◆ Task goal: Starting at the line with "This image was 1.3 s after image 1.", retype every remaining line of the records exactly. Do not include pictures.

◆ Input data:
•••

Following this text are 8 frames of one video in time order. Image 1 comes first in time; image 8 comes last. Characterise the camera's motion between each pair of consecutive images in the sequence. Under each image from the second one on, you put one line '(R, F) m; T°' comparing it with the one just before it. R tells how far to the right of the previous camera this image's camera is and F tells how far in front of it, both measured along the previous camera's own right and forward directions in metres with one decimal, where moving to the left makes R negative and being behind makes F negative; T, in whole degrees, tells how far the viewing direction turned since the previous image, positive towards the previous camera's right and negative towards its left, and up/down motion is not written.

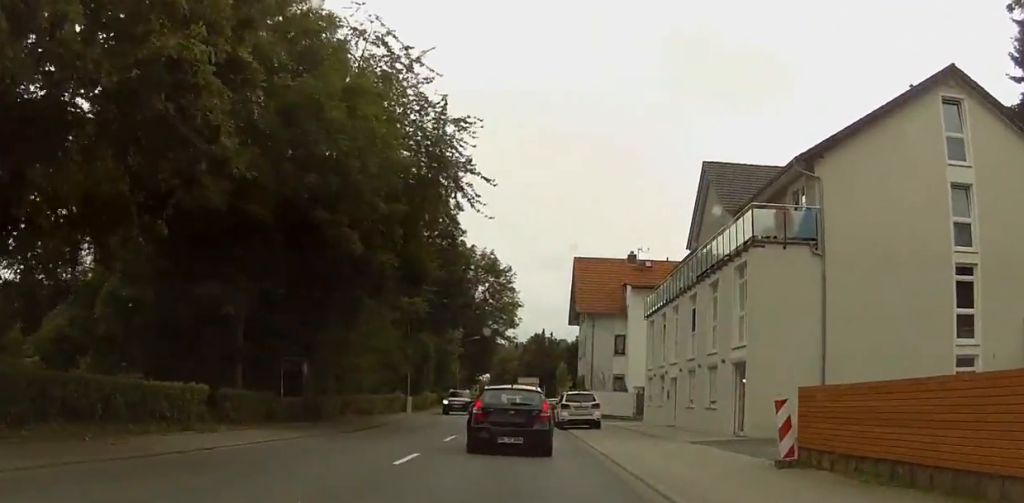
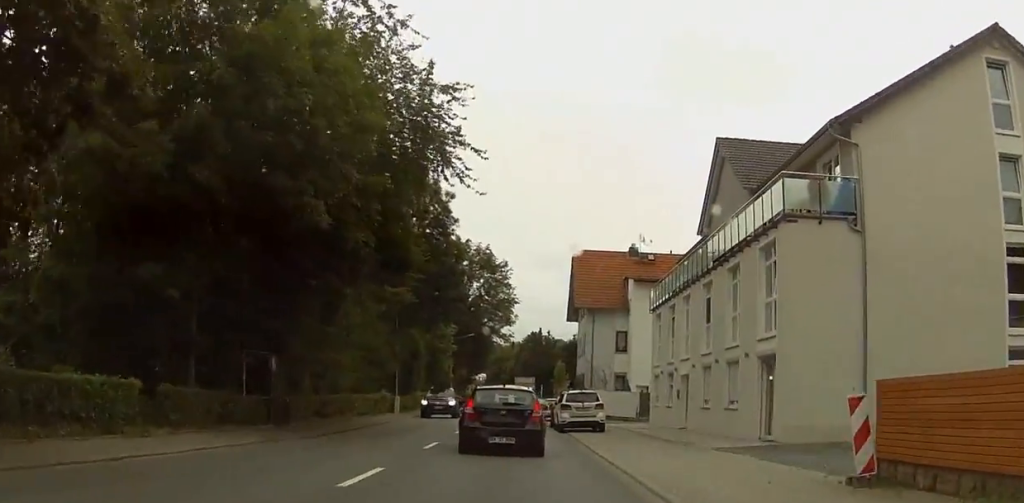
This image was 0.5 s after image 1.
(0.0, +4.0) m; 0°
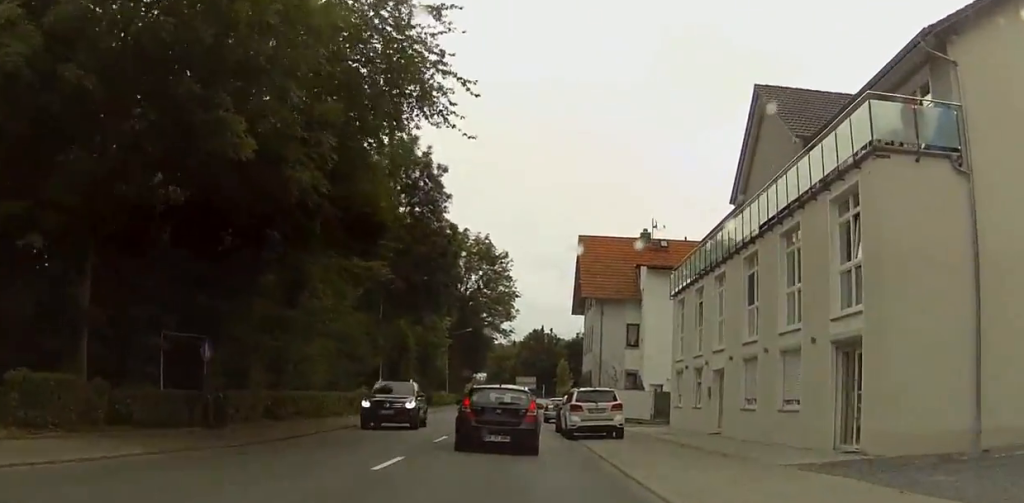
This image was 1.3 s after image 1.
(0.0, +6.8) m; 0°
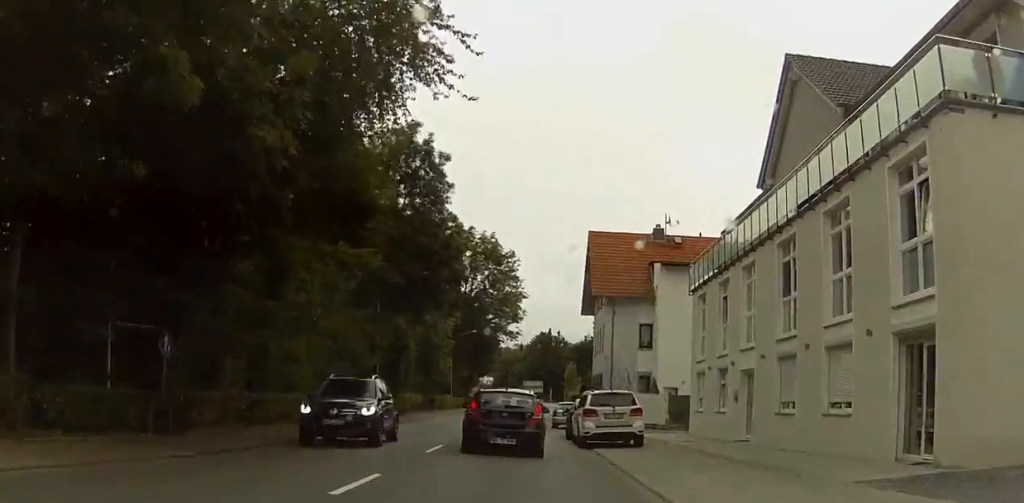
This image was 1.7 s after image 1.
(0.0, +3.4) m; 0°
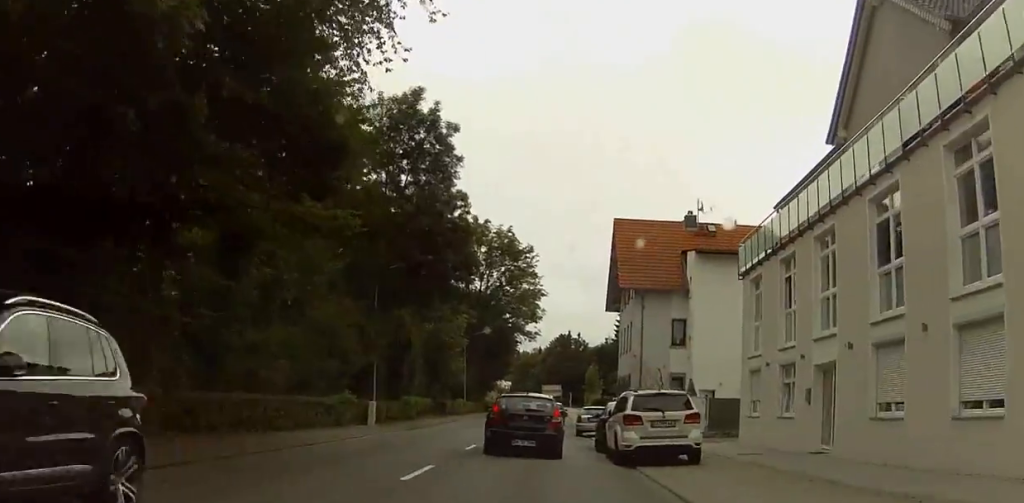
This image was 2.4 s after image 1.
(0.0, +6.1) m; 0°
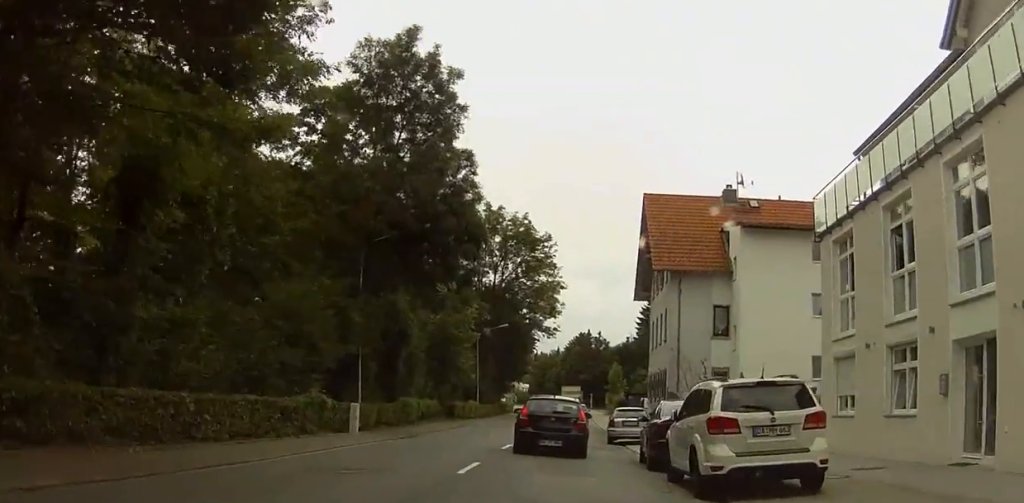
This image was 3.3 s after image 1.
(0.0, +7.3) m; -1°
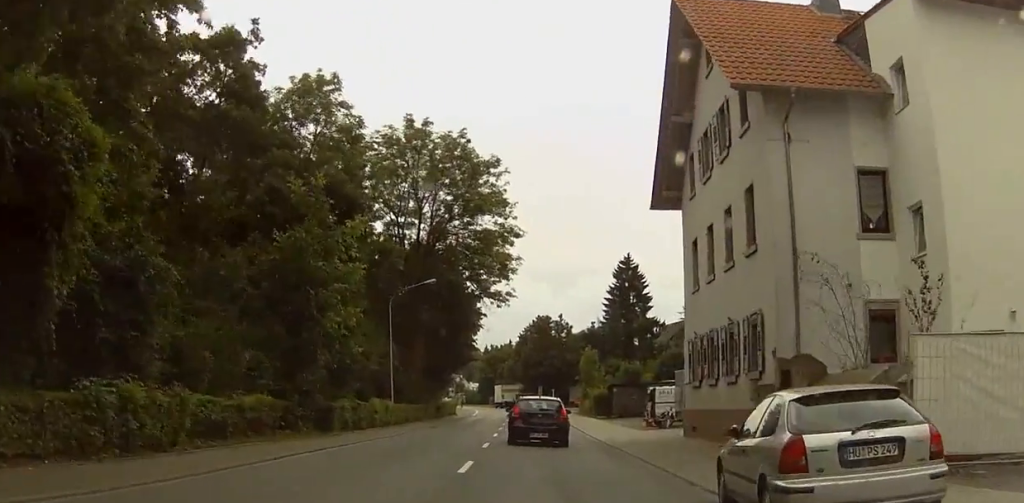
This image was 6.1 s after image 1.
(-0.1, +25.1) m; +4°
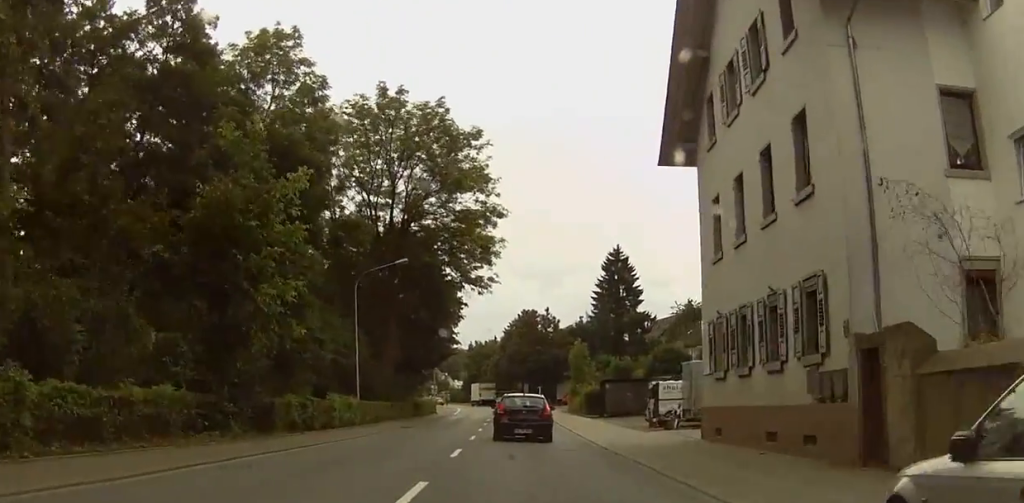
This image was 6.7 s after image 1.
(+0.2, +5.5) m; 0°

•••

◆ Exercise result:
This image was 1.3 s after image 1.
(0.0, +6.8) m; 0°
This image was 1.7 s after image 1.
(0.0, +3.4) m; 0°
This image was 2.4 s after image 1.
(0.0, +6.1) m; 0°
This image was 3.3 s after image 1.
(0.0, +7.3) m; -1°
This image was 6.1 s after image 1.
(-0.1, +25.1) m; +4°
This image was 6.7 s after image 1.
(+0.2, +5.5) m; 0°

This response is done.